_Available data_.
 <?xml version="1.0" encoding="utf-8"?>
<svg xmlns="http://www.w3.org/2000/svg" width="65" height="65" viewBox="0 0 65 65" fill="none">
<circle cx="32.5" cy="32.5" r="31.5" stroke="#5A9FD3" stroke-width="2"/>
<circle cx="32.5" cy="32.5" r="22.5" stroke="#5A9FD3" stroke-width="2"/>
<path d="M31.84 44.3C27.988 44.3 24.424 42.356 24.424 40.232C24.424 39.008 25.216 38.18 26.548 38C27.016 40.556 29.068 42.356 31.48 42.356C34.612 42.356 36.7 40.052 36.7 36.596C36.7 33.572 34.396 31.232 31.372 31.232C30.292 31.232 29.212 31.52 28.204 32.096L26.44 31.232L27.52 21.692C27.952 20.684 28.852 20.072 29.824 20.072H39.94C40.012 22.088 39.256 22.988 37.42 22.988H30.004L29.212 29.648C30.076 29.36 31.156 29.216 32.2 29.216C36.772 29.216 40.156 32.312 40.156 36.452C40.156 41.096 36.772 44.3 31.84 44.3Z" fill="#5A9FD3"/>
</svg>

...

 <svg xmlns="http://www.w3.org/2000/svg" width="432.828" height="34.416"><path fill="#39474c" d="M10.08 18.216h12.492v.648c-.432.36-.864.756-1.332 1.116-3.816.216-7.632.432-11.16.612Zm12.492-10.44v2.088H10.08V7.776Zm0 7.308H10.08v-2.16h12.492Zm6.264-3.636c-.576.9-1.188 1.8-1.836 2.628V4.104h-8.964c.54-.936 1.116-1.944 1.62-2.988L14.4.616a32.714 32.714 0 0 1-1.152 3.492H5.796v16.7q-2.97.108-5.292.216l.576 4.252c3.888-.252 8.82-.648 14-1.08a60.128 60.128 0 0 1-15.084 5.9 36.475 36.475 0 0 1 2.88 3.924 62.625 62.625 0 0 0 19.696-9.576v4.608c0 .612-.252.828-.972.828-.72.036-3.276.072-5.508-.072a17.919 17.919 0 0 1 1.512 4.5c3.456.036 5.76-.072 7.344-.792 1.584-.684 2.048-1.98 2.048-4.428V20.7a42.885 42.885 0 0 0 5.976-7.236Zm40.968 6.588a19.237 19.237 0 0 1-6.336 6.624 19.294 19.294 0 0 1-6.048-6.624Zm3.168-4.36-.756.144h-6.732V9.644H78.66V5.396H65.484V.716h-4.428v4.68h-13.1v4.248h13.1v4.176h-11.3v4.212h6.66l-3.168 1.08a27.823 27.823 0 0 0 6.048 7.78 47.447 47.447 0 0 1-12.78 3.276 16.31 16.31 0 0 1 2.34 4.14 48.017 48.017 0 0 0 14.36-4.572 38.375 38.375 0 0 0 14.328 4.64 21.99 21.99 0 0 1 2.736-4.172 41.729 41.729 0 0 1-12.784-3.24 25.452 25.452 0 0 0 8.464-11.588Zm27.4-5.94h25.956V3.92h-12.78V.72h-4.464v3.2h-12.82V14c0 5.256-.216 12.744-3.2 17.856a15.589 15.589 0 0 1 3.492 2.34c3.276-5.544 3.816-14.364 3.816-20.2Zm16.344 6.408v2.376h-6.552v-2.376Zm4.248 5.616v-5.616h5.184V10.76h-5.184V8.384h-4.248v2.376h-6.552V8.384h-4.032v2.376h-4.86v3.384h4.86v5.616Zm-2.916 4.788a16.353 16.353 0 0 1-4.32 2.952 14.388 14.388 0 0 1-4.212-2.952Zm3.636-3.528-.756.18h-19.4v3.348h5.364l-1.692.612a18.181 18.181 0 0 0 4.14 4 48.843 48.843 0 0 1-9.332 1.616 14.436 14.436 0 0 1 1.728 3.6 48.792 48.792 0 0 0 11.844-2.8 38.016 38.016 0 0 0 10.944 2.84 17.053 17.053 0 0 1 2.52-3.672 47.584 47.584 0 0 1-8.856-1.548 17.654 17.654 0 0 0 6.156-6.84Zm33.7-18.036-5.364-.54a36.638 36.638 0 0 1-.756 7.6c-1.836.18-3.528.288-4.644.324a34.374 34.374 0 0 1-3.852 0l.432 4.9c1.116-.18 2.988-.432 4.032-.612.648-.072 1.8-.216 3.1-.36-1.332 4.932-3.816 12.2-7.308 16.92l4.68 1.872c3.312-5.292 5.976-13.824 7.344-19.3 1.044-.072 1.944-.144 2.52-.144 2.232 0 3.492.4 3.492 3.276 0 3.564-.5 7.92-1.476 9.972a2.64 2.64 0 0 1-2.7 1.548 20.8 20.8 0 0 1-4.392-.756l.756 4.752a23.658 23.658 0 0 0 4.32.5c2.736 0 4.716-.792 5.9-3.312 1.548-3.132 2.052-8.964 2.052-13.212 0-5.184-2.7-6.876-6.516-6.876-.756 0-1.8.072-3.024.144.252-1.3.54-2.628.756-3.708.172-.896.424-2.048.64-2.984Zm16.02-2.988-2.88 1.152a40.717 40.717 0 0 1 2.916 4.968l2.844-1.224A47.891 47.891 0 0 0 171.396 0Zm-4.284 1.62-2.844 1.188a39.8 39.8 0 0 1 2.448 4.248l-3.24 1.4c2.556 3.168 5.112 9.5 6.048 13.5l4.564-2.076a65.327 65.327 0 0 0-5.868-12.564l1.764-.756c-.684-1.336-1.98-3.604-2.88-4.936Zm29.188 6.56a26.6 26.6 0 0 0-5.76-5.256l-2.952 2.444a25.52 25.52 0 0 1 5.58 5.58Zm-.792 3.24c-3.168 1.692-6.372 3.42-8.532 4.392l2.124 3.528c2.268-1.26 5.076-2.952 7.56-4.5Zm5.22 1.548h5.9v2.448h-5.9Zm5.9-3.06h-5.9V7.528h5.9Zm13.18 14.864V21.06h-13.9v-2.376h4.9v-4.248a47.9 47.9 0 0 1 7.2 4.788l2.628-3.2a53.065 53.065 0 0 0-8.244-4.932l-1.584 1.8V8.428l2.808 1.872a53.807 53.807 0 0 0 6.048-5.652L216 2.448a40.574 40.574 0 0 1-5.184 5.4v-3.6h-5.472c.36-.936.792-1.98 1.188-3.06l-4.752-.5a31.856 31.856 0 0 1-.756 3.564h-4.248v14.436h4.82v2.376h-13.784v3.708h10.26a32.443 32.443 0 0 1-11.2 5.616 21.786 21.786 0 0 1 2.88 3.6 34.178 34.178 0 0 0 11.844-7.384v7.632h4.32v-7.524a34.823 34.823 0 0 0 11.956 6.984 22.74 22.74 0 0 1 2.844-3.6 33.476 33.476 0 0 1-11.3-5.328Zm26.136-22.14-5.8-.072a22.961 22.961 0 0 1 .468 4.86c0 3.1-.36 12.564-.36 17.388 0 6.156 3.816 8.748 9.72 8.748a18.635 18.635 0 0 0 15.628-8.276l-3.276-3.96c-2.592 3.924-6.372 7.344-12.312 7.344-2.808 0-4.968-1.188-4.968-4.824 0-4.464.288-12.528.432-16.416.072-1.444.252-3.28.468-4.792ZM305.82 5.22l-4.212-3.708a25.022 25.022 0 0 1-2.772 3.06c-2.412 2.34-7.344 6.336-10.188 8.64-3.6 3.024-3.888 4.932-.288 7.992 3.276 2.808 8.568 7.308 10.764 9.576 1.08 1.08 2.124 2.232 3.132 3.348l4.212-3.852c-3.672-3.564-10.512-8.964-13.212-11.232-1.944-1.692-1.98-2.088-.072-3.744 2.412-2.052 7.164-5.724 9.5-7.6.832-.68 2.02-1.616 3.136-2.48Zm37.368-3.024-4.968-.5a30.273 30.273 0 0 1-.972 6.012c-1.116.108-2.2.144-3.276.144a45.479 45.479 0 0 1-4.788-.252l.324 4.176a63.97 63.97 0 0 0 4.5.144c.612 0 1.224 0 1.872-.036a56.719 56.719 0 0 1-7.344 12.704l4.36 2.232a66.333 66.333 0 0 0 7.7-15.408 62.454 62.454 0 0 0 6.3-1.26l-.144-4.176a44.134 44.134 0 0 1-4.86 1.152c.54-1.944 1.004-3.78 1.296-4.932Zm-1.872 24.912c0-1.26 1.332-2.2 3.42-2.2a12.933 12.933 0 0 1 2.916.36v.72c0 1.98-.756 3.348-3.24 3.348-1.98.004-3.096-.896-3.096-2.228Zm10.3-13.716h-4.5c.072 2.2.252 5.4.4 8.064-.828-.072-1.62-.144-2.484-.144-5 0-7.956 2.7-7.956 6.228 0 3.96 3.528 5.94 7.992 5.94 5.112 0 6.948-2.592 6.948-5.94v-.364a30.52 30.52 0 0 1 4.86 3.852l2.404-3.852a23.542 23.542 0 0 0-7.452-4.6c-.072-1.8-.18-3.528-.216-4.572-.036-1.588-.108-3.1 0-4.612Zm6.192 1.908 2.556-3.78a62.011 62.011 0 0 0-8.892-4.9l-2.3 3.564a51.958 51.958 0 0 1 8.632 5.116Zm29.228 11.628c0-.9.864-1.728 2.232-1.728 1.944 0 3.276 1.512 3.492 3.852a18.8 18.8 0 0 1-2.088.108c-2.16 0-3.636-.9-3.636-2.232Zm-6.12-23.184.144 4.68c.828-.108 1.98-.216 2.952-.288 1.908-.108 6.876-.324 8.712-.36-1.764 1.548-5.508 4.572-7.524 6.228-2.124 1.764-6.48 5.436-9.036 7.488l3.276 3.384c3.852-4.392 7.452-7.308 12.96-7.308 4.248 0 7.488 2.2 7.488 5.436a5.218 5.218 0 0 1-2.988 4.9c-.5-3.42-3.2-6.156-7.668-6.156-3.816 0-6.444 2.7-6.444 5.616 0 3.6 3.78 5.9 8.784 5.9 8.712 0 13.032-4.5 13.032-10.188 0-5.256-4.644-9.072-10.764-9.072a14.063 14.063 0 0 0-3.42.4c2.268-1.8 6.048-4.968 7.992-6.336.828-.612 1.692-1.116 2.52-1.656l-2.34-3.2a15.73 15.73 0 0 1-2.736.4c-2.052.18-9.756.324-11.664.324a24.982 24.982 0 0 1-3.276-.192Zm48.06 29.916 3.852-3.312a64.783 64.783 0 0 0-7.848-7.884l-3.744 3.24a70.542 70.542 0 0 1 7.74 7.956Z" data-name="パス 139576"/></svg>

_Task objective_. Which lines of the data include the word "stroke"? Copy each one.

_Response_.
<circle cx="32.5" cy="32.5" r="31.5" stroke="#5A9FD3" stroke-width="2"/>
<circle cx="32.5" cy="32.5" r="22.5" stroke="#5A9FD3" stroke-width="2"/>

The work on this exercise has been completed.